Last week I just happened to read a piece of media criticism by James Fallows that was published in The Atlantic in February, 1996. It didn’t surprise me to see that very, very little has changed.

Here’s Fallows, writing about 1995:

In January of last year there was a chance to see how well the lesson had sunk in. In the days just before and after Bill Clinton delivered his State of the Union address to the new Republican-controlled Congress, he answered questions in a wide variety of forums in order to explain his plans.

On January 31, a week after the speech, the President flew to Boston and took questions from a group of teenagers. Their questions concerned the effects of legislation or government programs on their communities or schools.

Earlier in the month the President’s performance had been assessed by the three network-news anchors: Peter Jennings, of ABC; Dan Rather, of CBS; and Tom Brokaw, of NBC. There was no overlap whatsoever between the questions the students asked and those raised by the anchors. None of the questions from these news professionals concerned the impact of legislation or politics on people’s lives. Nearly all concerned the struggle for individual advancement among candidates.

Today, President Obama answered questions posted on Twitter. The Boston Globe compared the topics of questions put to the President on Twitter to those asked by the White House press corps over the past two weeks.

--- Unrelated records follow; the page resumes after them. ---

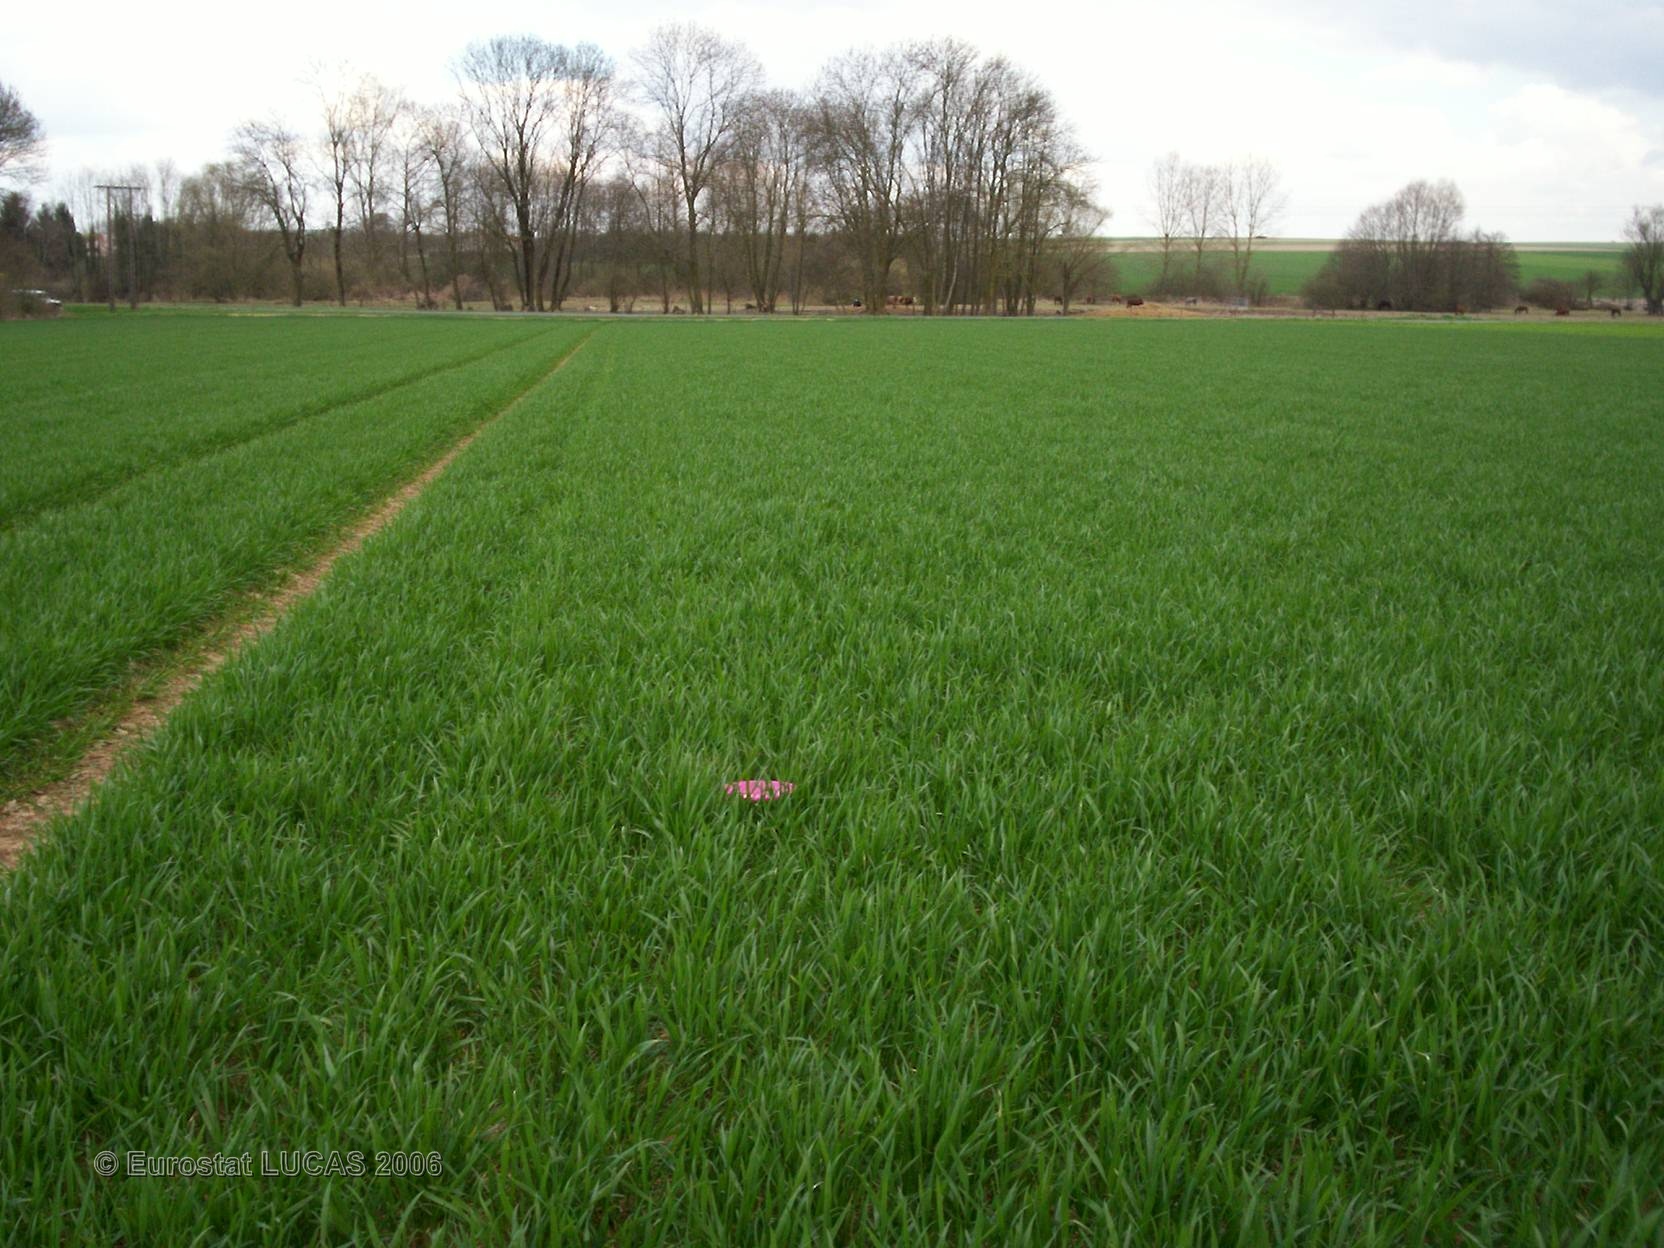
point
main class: Cropland
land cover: Common wheat
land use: Agriculture (excluding fallow land and kitchen gardens)
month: April
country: FR
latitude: 49.2357
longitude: 4.4065

Two percent of the questions asked on Twitter were about negotiations with Congress, compared to 24% of the questions asked by the pro journalists.

I think the good news, though, is that when it comes to getting information about how government policies affect people’s lives, we have a lot more alternative outlets today than we did in 1996. Sure, we have several terrible 24 hour cable news networks that devote more hours than ever to horse race coverage of what’s going on in Washington, DC, but we also have plenty of online outlets that dig deep into the actual results of government policy. That’s a big improvement.

By the way, you should read the article mentioned above, Why Americans Hate the Media. It’s completely relevant and interesting. The footage from the Ethics in America television show mentioned in the article is available on YouTube.

One thought on “Fifteen years of missing the point

  1. I found the fist page of the linked article riveting. Quite a conflux of opinions, each with it’s own merits on different sides of the coin.

    Great journalism. It’s going to stay in my head for a while.